Domestic Disturbance: Chinese airlines are going abroad, because things at home are not what they used to be

Dec 2 2013Currency, cargo, and capacity woes are hammering Asia’s airlines. And slowing economies and incursions by both Gulf carriers and LCCs alike don’t help. But China, on the other hand, is different. Or is it?

The mainland Chinese market is indeed its own animal, its airlines indeed protected in many ways from the storms blitzing other parts of Asia. For starters, airlines have long earned most of their profits on domestic routes, which account for a large majority of the sector’s revenue. helpfully, these domestic routes are still subject to rules that force carriers to offer domestic economy fares within certain government-established ranges, thereby limiting expensive fare wars. First- and business-class fares, by contrast, following recent reforms, are mostly deregulated and subject to market forces, meaning freedom to chase high yields from lavishly spending bureaucrats.

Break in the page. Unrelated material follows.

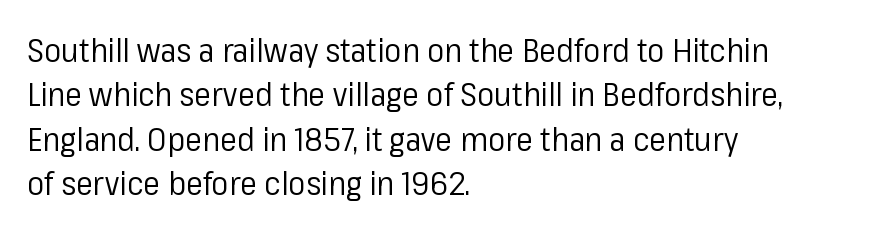
The image shows 32 px regular-weight sans-serif type, upright; set left-aligned, normal line spacing (1.39x), normal letter spacing, not underlined; low stroke contrast and a medium x-height.

Better yet, the Chinese domestic market is largely LCC-free. The only notable exception is Shanghai’s Spring Airlines, accounting for just 2% of domestic seats this month (according to an Airline Weekly analysis using Diio Mi). The economy, although growing at about half the pace it was a half-decade ago, is still one of the fastest growing in the world. The Chinese currency is loosely fixed to the U.S. dollar, implying more revenue and cost certainty. Airport congestion can be as much of a blessing as a curse: at least it limits the ability of airlines to start new service, leading to higher fares. Several years ago, in fact, the government imposed a moratorium on new startup airlines to enable infrastructure to catch up with demand growth. An already rather concentrated domestic industry has consolidated further in recent years, with Air China now controlling Shenzhen Airlines and Shandong Airlines, China Eastern controlling Shanghai Airlines and China Southern more or less controlling Xiamen Airlines. And even competition among Chinese legacy airlines isn’t entirely competition in the sense that, say, a western antitrust regulator might recognize. The three largest airlines—Air China, China Eastern and China Southern—have a common majority shareholder in the central government and are widely understood to… well… “cooperate” would be the charitable word, not only among themselves but to…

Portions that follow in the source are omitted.